- 1Department of Endocrinology, Qilu Hospital of Shandong University, Jinan, Shandong, China
- 2Department of Endocrinology, Linyi Traditional Chinese Medicine Hospital, Linyi, Shandong, China
- 3Department of Nursing, Linyi Cancer Hospital, Linyi, Shandong, China
- 4Department of Breast Surgery, Linyi Cancer Hospital, Linyi, Shandong, China
Acute suppurative thyroiditis (AST) is a rare, potentially life-threatening bacterial infection of the thyroid gland, characterized by rapid progression. We report a rare pediatric case of AST caused by Eikenella corrodens, secondary to a pyriform sinus fistula (PSF), initially misdiagnosed as subacute thyroiditis (SAT). A retrospective analysis highlights the diagnostic challenges and emphasizes the need for early suspicion of PSF in recurrent AST. Timely imaging (CT/laryngoscopy) and pathogen-directed antibiotics are critical to prevent life-threatening complications. This case underscores the importance of considering atypical pathogens and underlying anatomical anomalies in pediatric AST to guide targeted therapy.
1 Introduction
Acute suppurative thyroiditis (AST) is a rare but potentially life-threatening bacterial infection of the thyroid gland, particularly in children. It accounts for only 0.1%–0.7% of all thyroid disorders and is often misdiagnosed in its early phase due to nonspecific symptoms that mimic subacute thyroiditis (SAT), such as fever, anterior neck pain, and elevated inflammatory markers (1, 2). If not promptly diagnosed and treated, AST can progress rapidly and result in severe complications, with reported mortality rates ranging from 3.7% to 9% (3, 4).

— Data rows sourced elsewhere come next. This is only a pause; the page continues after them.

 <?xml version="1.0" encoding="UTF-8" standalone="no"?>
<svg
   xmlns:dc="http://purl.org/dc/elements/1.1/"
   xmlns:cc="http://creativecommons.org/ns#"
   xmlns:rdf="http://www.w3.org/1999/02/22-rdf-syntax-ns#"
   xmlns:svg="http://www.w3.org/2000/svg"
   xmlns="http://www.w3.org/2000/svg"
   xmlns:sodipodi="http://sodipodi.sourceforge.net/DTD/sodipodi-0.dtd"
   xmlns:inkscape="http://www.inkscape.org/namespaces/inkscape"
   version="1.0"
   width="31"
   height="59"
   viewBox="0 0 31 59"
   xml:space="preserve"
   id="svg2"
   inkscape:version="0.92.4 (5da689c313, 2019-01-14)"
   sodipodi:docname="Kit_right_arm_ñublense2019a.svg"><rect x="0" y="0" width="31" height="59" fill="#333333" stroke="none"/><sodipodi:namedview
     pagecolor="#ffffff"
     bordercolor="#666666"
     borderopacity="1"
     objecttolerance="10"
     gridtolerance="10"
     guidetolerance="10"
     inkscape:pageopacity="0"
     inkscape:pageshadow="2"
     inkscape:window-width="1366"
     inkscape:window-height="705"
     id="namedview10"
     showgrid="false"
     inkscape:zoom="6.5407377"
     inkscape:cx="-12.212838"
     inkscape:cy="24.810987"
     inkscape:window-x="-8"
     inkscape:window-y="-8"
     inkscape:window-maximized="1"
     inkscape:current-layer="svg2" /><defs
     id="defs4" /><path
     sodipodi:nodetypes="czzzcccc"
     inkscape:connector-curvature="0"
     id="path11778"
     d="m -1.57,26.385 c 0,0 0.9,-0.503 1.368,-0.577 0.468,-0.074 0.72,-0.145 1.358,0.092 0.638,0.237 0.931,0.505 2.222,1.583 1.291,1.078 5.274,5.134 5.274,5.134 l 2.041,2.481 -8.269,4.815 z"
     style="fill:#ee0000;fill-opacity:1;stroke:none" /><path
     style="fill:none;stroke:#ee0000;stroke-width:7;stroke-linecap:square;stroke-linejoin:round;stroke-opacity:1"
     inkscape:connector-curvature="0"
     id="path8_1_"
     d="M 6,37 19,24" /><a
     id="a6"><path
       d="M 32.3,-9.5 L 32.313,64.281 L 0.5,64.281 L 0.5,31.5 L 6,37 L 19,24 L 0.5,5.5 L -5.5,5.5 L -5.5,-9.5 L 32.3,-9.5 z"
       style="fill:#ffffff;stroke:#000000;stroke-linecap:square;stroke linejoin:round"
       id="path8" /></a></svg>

In pediatric populations, AST is frequently associated with congenital anomalies of the branchial apparatus. Among these, pyriform sinus fistula (PSF—a remnant of the third or fourth branchial pouch—is the most common predisposing factor, accounting for over 90% of pediatric AST cases (5). The fistula serves as a conduit for oropharyngeal flora to reach the thyroid gland, which is normally resistant to infection due to its rich vascular and lymphatic supply, high iodine content, and encapsulation.

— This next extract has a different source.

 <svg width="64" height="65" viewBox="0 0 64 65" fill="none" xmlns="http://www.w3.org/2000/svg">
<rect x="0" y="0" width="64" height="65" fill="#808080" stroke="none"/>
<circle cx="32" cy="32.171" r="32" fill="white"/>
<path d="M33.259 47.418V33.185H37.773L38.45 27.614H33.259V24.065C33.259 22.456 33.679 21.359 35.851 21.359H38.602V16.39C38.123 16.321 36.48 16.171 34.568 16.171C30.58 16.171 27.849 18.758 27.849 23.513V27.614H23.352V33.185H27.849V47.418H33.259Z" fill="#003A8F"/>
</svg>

Although Gram-positive cocci such as Staphylococcus aureus and Streptococcus pyogenes are the most frequently isolated pathogens in AST, rare organisms have also been implicated (6). Eikenella corrodens, a facultative anaerobic Gram-negative bacillus that is part of the normal flora of the oropharynx and upper respiratory tract, is an exceptionally rare cause of AST. To date, only sporadic case reports have documented its role in thyroid infections, particularly in immunocompetent children (7). Its involvement presents unique diagnostic and therapeutic challenges due to its fastidious growth requirements and intrinsic resistance to commonly used antibiotics such as clindamycin and first-generation cephalosporins.

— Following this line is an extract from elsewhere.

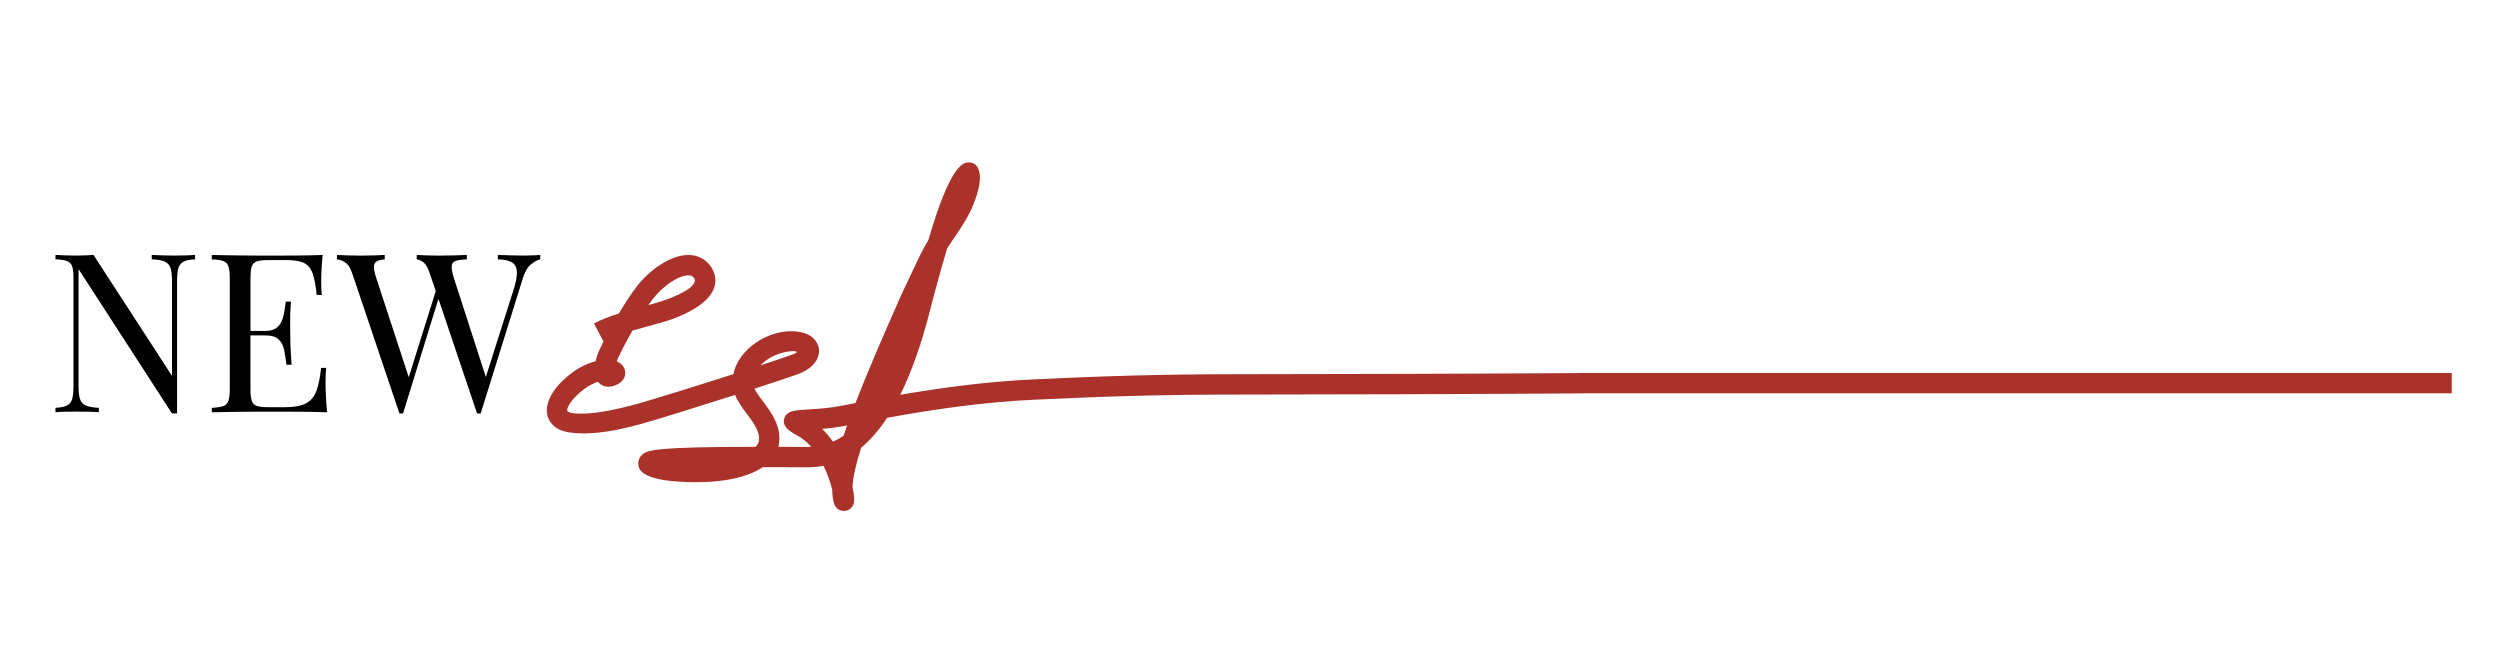 <?xml version="1.0" encoding="utf-8"?> <svg xmlns="http://www.w3.org/2000/svg" xmlns:xlink="http://www.w3.org/1999/xlink" version="1.1" id="Слой_2" x="0px" y="0px" viewBox="0 0 721.02 188.94" style="enable-background:new 0 0 721.02 188.94;" xml:space="preserve"> <style type="text/css"> .st0{fill:#AB322A;} </style> <g> <g> <path d="M50.3,73.71c-1.07,0-2.23-0.02-3.49-0.06c-1.26-0.04-2.28-0.09-3.05-0.13v1.28c1.67,0.04,2.92,0.26,3.75,0.64 c0.83,0.38,1.39,1,1.67,1.86c0.28,0.86,0.42,2.07,0.42,3.65v27.44L26.96,73.52c-0.68,0.04-1.45,0.09-2.31,0.13 c-0.86,0.04-1.75,0.06-2.69,0.06c-1.07,0-2.15-0.02-3.24-0.06c-1.09-0.04-2-0.09-2.72-0.13v1.28c1.45,0.04,2.55,0.2,3.3,0.48 c0.75,0.28,1.25,0.79,1.51,1.54c0.26,0.75,0.38,1.91,0.38,3.49v31.16c0,1.54-0.13,2.75-0.38,3.62c-0.26,0.88-0.76,1.5-1.51,1.86 c-0.75,0.36-1.85,0.59-3.3,0.67v1.28c0.73-0.09,1.63-0.14,2.72-0.16c1.09-0.02,2.17-0.03,3.24-0.03c1.11,0,2.29,0.01,3.53,0.03 c1.24,0.02,2.24,0.08,3.01,0.16v-1.28c-1.67-0.09-2.92-0.31-3.75-0.67c-0.83-0.36-1.39-0.98-1.67-1.86 c-0.28-0.88-0.42-2.08-0.42-3.62V77.62l26.93,41.61c0.26,0,0.5,0,0.74,0c0.23,0,0.48,0,0.74,0V80.96c0-1.58,0.13-2.8,0.38-3.65 c0.26-0.85,0.76-1.47,1.51-1.86c0.75-0.38,1.85-0.6,3.3-0.64v-1.28c-0.68,0.04-1.57,0.09-2.66,0.13 C52.51,73.69,51.41,73.71,50.3,73.71z"></path> <path d="M93.89,110.71c0-1.92,0.06-3.46,0.19-4.62h-1.47c-0.3,2.82-0.76,5.06-1.38,6.7c-0.62,1.65-1.62,2.83-3.01,3.56 c-1.39,0.73-3.43,1.09-6.12,1.09h-4.68c-1.45,0-2.55-0.12-3.3-0.35c-0.75-0.23-1.25-0.74-1.51-1.51 c-0.26-0.77-0.38-1.92-0.38-3.46V96.73h4.23c1.88,0,3.22,0.42,4.01,1.25c0.79,0.83,1.3,1.9,1.54,3.21 c0.23,1.3,0.44,2.64,0.61,4.01h1.47c-0.17-2.44-0.28-4.3-0.32-5.58c-0.04-1.28-0.06-2.46-0.06-3.53c0-1.07-0.01-2.24-0.03-3.53 c-0.02-1.28,0.05-3.14,0.22-5.58h-1.47c-0.13,0.77-0.26,1.63-0.38,2.6c-0.13,0.96-0.36,1.89-0.71,2.79 c-0.34,0.9-0.89,1.63-1.63,2.21c-0.75,0.58-1.83,0.87-3.24,0.87h-4.23V80.32c0-1.58,0.13-2.75,0.38-3.49 c0.26-0.75,0.76-1.24,1.51-1.47c0.75-0.23,1.85-0.35,3.3-0.35h5.32c2.27,0,3.96,0.31,5.1,0.93c1.13,0.62,1.93,1.67,2.4,3.14 c0.47,1.47,0.83,3.47,1.09,5.99h1.47c-0.04-0.47-0.09-1.06-0.13-1.76c-0.04-0.71-0.06-1.44-0.06-2.21c0-0.73,0.03-1.8,0.1-3.21 c0.06-1.41,0.18-2.86,0.35-4.36c-1.97,0.09-4.2,0.14-6.7,0.16c-2.5,0.02-4.73,0.03-6.7,0.03c-0.94,0-2.15,0-3.62,0 c-1.47,0-3.07-0.01-4.78-0.03c-1.71-0.02-3.44-0.04-5.19-0.06c-1.75-0.02-3.42-0.05-5-0.1v1.28c1.45,0.04,2.55,0.2,3.3,0.48 c0.75,0.28,1.25,0.79,1.51,1.54c0.26,0.75,0.38,1.91,0.38,3.49v31.8c0,1.54-0.13,2.69-0.38,3.46c-0.26,0.77-0.76,1.28-1.51,1.54 c-0.75,0.26-1.85,0.43-3.3,0.51v1.28c1.58-0.04,3.25-0.07,5-0.1c1.75-0.02,3.48-0.04,5.19-0.06c1.71-0.02,3.3-0.03,4.78-0.03 c1.47,0,2.68,0,3.62,0c2.14,0,4.57,0.01,7.31,0.03c2.74,0.02,5.19,0.08,7.37,0.16c-0.17-1.62-0.29-3.19-0.35-4.71 C93.92,112.68,93.89,111.52,93.89,110.71z"></path> <path d="M153.72,73.65c-0.73,0.04-1.65,0.06-2.76,0.06c-1.11,0-2.31-0.02-3.59-0.06c-1.28-0.04-2.54-0.09-3.78-0.13v1.28 c1.8,0.04,3.14,0.33,4.04,0.87c0.9,0.53,1.38,1.45,1.44,2.76c0.06,1.3-0.29,3.13-1.06,5.48l-7.89,24.82l-9.22-28.54 c-0.51-1.67-0.72-2.86-0.61-3.59c0.11-0.73,0.53-1.2,1.28-1.41c0.75-0.21,1.76-0.34,3.05-0.38v-1.28 c-0.9,0.04-2.07,0.09-3.53,0.13c-1.45,0.04-3.01,0.06-4.68,0.06c-1.07,0-2.18-0.02-3.33-0.06c-1.15-0.04-2.12-0.09-2.89-0.13v1.28 c0.6,0.04,1.24,0.32,1.92,0.83c0.68,0.51,1.3,1.6,1.86,3.27l1.7,5.05l-7.78,24.84l-9.37-28.61c-0.43-1.32-0.65-2.36-0.67-3.11 c-0.02-0.75,0.21-1.29,0.71-1.63c0.49-0.34,1.29-0.56,2.4-0.64v-1.28c-0.77,0.04-1.76,0.09-2.98,0.13 c-1.22,0.04-2.53,0.06-3.94,0.06c-1.2,0-2.43-0.02-3.69-0.06c-1.26-0.04-2.32-0.09-3.17-0.13v1.28c0.68,0.04,1.45,0.32,2.31,0.83 c0.85,0.51,1.56,1.6,2.12,3.27l13.59,40.33c0.09,0,0.17,0,0.26,0c0.09,0,0.17,0,0.26,0c0.09,0,0.17,0,0.26,0c0.09,0,0.17,0,0.26,0 l10.21-33.05l11.14,33.05c0.09,0,0.17,0,0.26,0c0.09,0,0.17,0,0.26,0c0.09,0,0.17,0,0.26,0c0.09,0,0.17,0,0.26,0l12.12-38.85 c0.6-1.97,1.39-3.34,2.37-4.14c0.98-0.79,1.88-1.27,2.69-1.44v-1.28C155.13,73.56,154.44,73.61,153.72,73.65z"></path> </g> <path class="st0" d="M458.48,107.57c-30.66,0.22-76.92,0.35-99.47,0.35c-26.38,0-41.28,0.59-61,1.5 c-13.23,0.61-26.3,2.37-38.37,4.44c3-6.02,5.88-13.8,8.45-23.8c1.93-7.53,3.62-13.57,5.08-18.43c1.01-1.6,1.96-2.96,2.82-4.21 c1.73-2.51,3.56-5.53,4.62-8.12c1.66-4.06,2.78-8.43,1.36-10.99c-0.56-1-1.33-1.36-2.26-1.45c-1.75-0.16-5.47,0.1-11.95,22.36 c-1.7,2.74-3.23,6.08-5.33,10.56c-0.9,1.93-1.91,3.93-2.77,5.9c-5.17,11.72-9.6,21.93-12.94,30.56c-1.25,0.25-2.47,0.49-3.68,0.72 c-3.83,0.77-7.54,0.99-10.24,1.15c-3.76,0.22-6.3,0.37-6.7,3.05c-0.32,2.18,2.02,3.42,3.69,4.36c1.59,0.83,2.97,1.99,4.17,3.34 c-0.99,0.06-1.88,0.05-2.68,0.04h-0.77c-0.96,0-2.31-0.01-3.91-0.02h-2.1c0.08-0.3,0.14-0.62,0.18-0.93c0.73-5.03-2.25-9-4.64-12.2 c-1-1.32-1.94-2.59-2.43-3.65c5.82-1.89,10.61-3.49,12.55-4.2c5.08-1.9,6.42-5.14,5.99-7.54c-0.21-1.14-1.39-4.83-8.06-4.83 c-5.43,0-11.4,3.14-14.51,7.64c-1.05,1.51-1.75,3.11-2.07,4.73c-11.08,3.56-24.05,7.59-28.04,8.67c-5.73,1.54-12.8,3.14-17.84,2.64 c-1.09-0.1-1.86-0.35-2.04-0.78c-0.19-0.6,0.93-3.21,4.77-6.13c1.51-1.14,2.91-1.81,4.08-2.19c0.1,0.13,0.22,0.24,0.34,0.36 c0.64,0.62,2.44,1.86,5.37,0.34c1.99-1.04,2.19-2.66,2.18-3.31c-0.02-1.32-0.82-2.48-2.12-3.11c-0.1-0.06-0.22-0.11-0.35-0.17 c0.11-0.3,0.24-0.61,0.37-0.91c0.72-1.57,2.27-4.61,4.17-7.96c1.56-0.46,3.12-0.88,4.62-1.29c2.7-0.73,5.25-1.42,7.2-2.15 c4.65-1.74,10.47-4.75,11.82-9.13c0.43-1.44,0.59-3.64-1.11-6.03c-1.46-2.04-3.69-3.18-6.27-3.21c-5.56-0.06-11.73,4.75-15.14,9.25 c-1.77,2.34-3.49,5.03-5.03,7.62c-2.6,0.82-5.1,1.76-7.19,2.88l2.75,5.19c-0.54,1.08-0.94,1.91-1.15,2.39 c-0.22,0.47-0.78,1.77-1.14,3.32c-2.2,0.56-4.6,1.67-6.95,3.44c-5.29,4.02-7.87,8.62-6.9,12.31c0.41,1.52,1.8,4.19,6.51,4.8 c7,0.92,14.3-0.81,20.58-2.5c3.87-1.05,16.11-4.86,27.01-8.35c0.73,1.9,2.04,3.67,3.33,5.39c2.01,2.68,3.91,5.22,3.54,7.84 c-0.08,0.59-0.4,1.18-0.94,1.75c-28.91,0.01-31.4,0.92-32.81,2.33c-1.03,1.03-1.33,2.5-0.78,3.82c0.87,2.1,5.08,4.05,16.65,4.05 c8.28,0,14.87-1.57,19-4.33c2.64,0,4.93,0,6.57,0.01c1.63,0.01,2.97,0.02,3.94,0.02h0.72c1.67,0.02,3.82,0.04,6.29-0.42 c1.21,2.5,2.02,4.98,2.5,6.85c0.08,4.43,1.05,6.15,3.45,6.15c0.01,0,0.01,0,0.02,0c1.36-0.01,2.46-0.99,2.78-2.31 c0.15-0.65,0.11-2.36-0.4-4.62c0.12-2.82,1.04-6.71,2.48-11.28c2.48-2.05,5-4.85,7.51-8.64c13.18-2.41,27.73-4.54,42.42-5.22 c19.64-0.9,34.48-1.49,60.73-1.49c22.55,0,68.79-0.13,99.47-0.35h248.63v-5.87H458.48z M228,101.31c0.8-0.07,1.68-0.08,1.77,0.24 c0.06,0.28-0.91,0.56-1.66,0.85c-1.49,0.55-4.71,1.63-8.78,2.97C221.53,103.01,224.93,101.58,228,101.31z M188.2,86.34 c2.9-3.83,7.52-6.93,10.32-6.93h0.06c0.91,0.02,1.3,0.37,1.57,0.76c0.38,0.53,1.39,2.78-8,6.25c-1.34,0.49-3.15,1.02-5.14,1.57 C187.41,87.42,187.8,86.87,188.2,86.34z M243.31,125.65c-1.05,0.73-2.08,1.29-3.09,1.74c-0.92-1.31-1.95-2.57-3.1-3.7 c2.15-0.18,4.56-0.47,7.07-0.96c0.04-0.01,0.09-0.02,0.13-0.03C243.96,123.71,243.63,124.69,243.31,125.65z"></path> </g> </svg>

In this report, we present a rare case of pediatric AST caused by Eikenella corrodens, secondary to an underlying PSF. We describe how corticosteroid therapy initially masked the diagnosis, how targeted antibiotic adjustment led to resolution, and how timely imaging and surgical intervention were essential for definitive treatment. This case highlights the importance of considering both atypical pathogens and congenital anatomical defects in children with recurrent or refractory thyroiditis.
2 Case report
A 14-year-old male presented with a 1-week history of recurrent fever and left-sided neck pain that worsened with swallowing. He also reported a sore throat and cough 10 days prior to admission. He was initially evaluated in the otolaryngology department of a tertiary hospital, where flexible laryngoscopy revealed no significant abnormalities. However, due to palpable enlargement of the left thyroid lobe, a thyroid ultrasound was performed, which demonstrated a mixed echogenic area in the left lobe suggestive of SAT. The patient was subsequently referred to the endocrinology department for further evaluation.
Upon admission, laboratory investigations showed normal thyroid function and negative thyroid-specific antibodies. However, inflammatory markers were elevated: erythrocyte sedimentation rate (ESR) was 55 mm/h, white blood cell count (WBC) was 10.9 × 10⁹/L with 68% neutrophils, and C-reactive protein (CRP) was 70 mg/L. Based on these findings, SAT was diagnosed, and oral prednisolone (50 mg daily) was initiated, resulting in temporary symptomatic improvement.
On hospital day 4, the patient developed worsening left-sided neck swelling, severe pain, and recurrent fever. Repeat laboratory tests showed increased inflammation: WBC 16.4 × 10⁹/L with 80% neutrophils, CRP 74.54 mg/L, and ESR 60 mm/h. Repeat thyroid ultrasound revealed a mixed echogenic mass in the left thyroid lobe with features suggestive of suppurative inflammation, along with associated left cervical lymphadenopathy (Figure 1). Ultrasound-guided fine-needle aspiration (FNA) yielded purulent yellow-green fluid, confirming a diagnosis of AST. Corticosteroids were promptly discontinued, and intravenous cefazolin (1 g every 8 h) combined with clindamycin (600 mg every 8 h) was initiated, as empirical therapy to cover common aerobic and anaerobic.

Figure 1. Ultrasound image of thyroid gland showing enlarged left lobe with ill-defined hypoechoic lesion with internal septations.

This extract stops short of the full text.